### Exercise materials
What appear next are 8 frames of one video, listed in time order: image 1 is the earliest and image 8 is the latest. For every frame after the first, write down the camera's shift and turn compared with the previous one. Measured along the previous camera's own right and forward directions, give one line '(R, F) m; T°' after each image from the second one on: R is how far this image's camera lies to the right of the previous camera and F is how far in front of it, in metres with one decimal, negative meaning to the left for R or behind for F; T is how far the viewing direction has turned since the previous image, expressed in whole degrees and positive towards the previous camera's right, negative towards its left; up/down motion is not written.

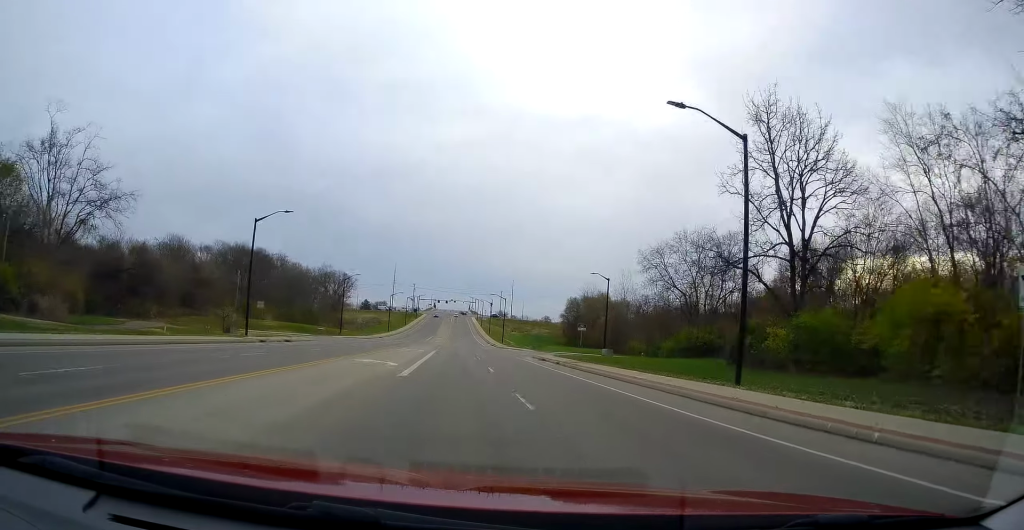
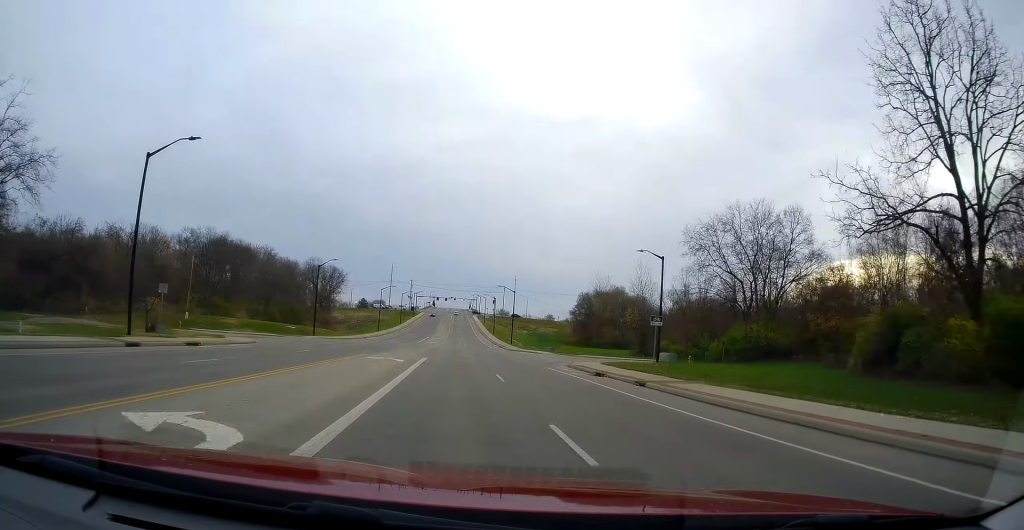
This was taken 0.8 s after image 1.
(+0.1, +16.8) m; +1°
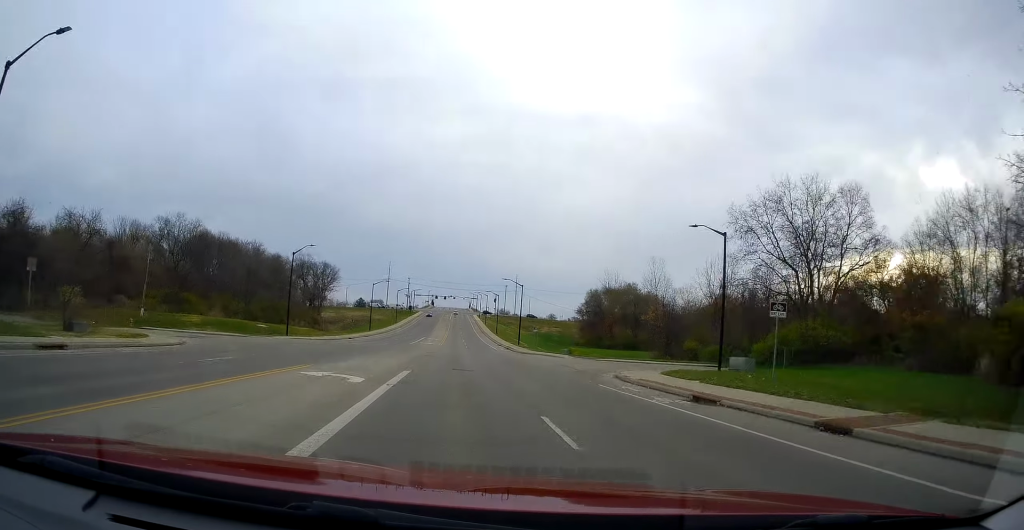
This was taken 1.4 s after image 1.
(+0.2, +11.6) m; +1°
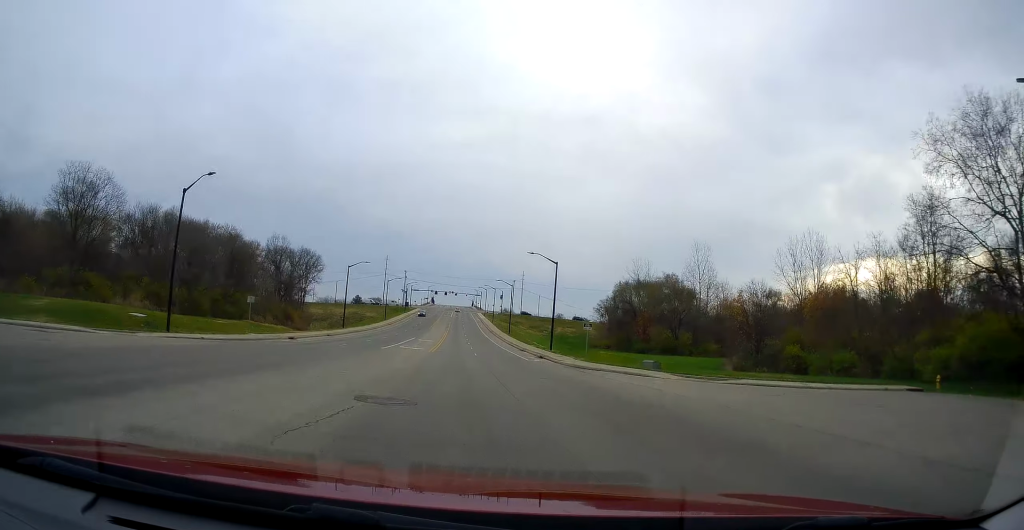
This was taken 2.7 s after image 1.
(+0.2, +27.7) m; 0°
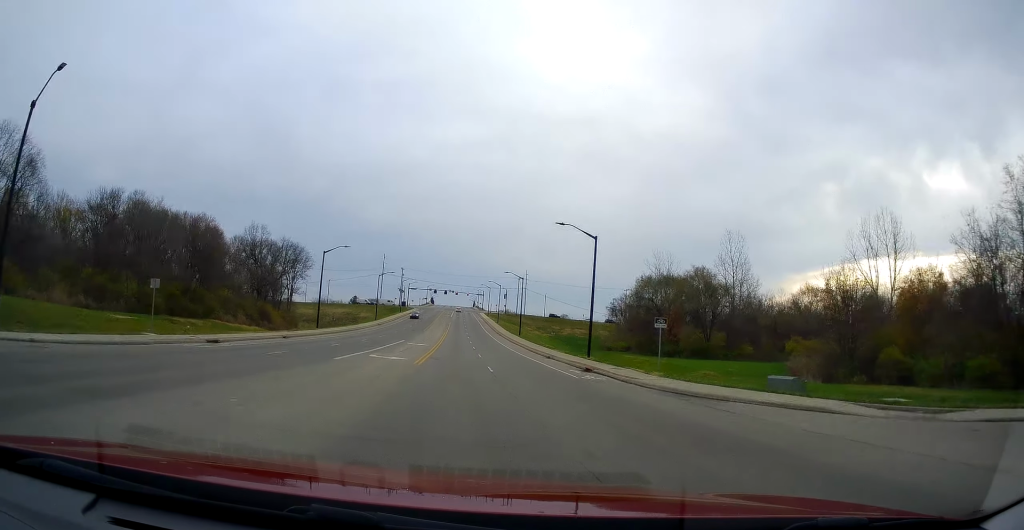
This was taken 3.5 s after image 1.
(0.0, +16.7) m; 0°
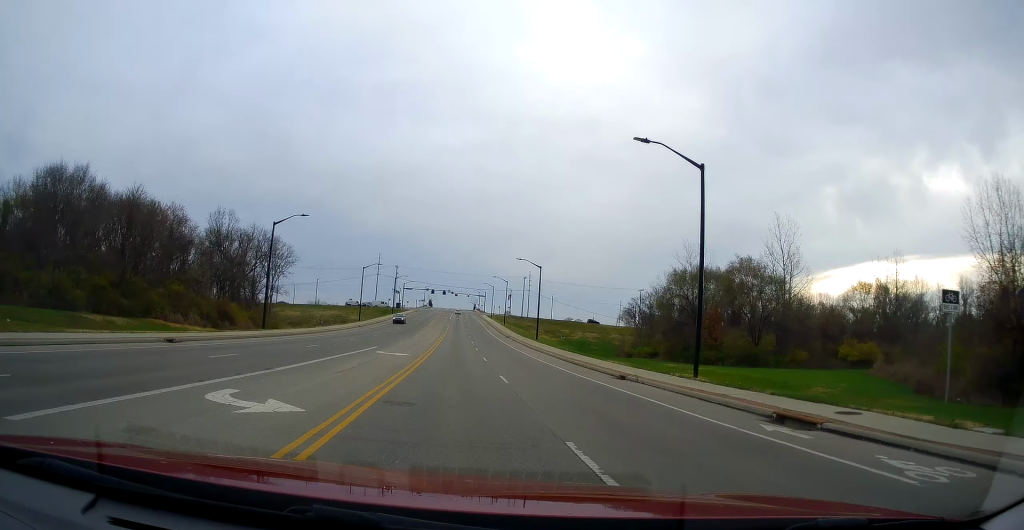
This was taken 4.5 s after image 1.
(0.0, +19.4) m; -1°
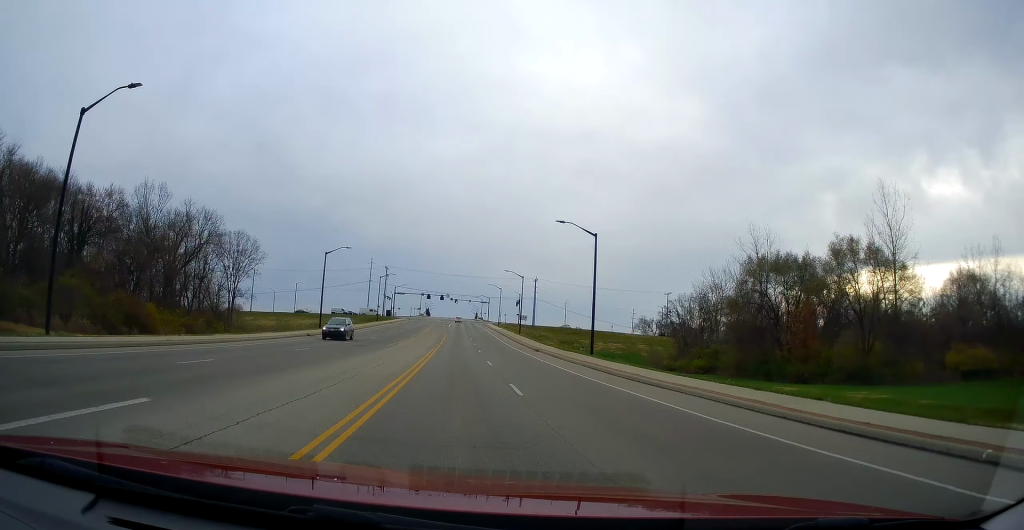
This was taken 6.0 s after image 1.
(-0.7, +28.0) m; -1°
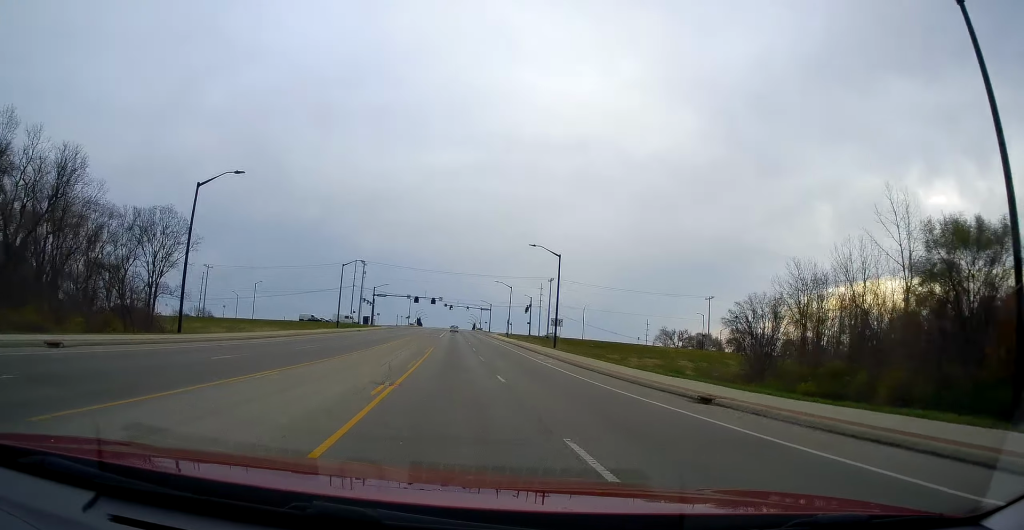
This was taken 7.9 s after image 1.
(+0.7, +34.6) m; +1°

### Description of the task
Find the line containing "This was taken 6.0 s after image 1." in the records above and restate it, and each line after it through the end, word for word, dropping the pictures.

### Answer box
This was taken 6.0 s after image 1.
(-0.7, +28.0) m; -1°
This was taken 7.9 s after image 1.
(+0.7, +34.6) m; +1°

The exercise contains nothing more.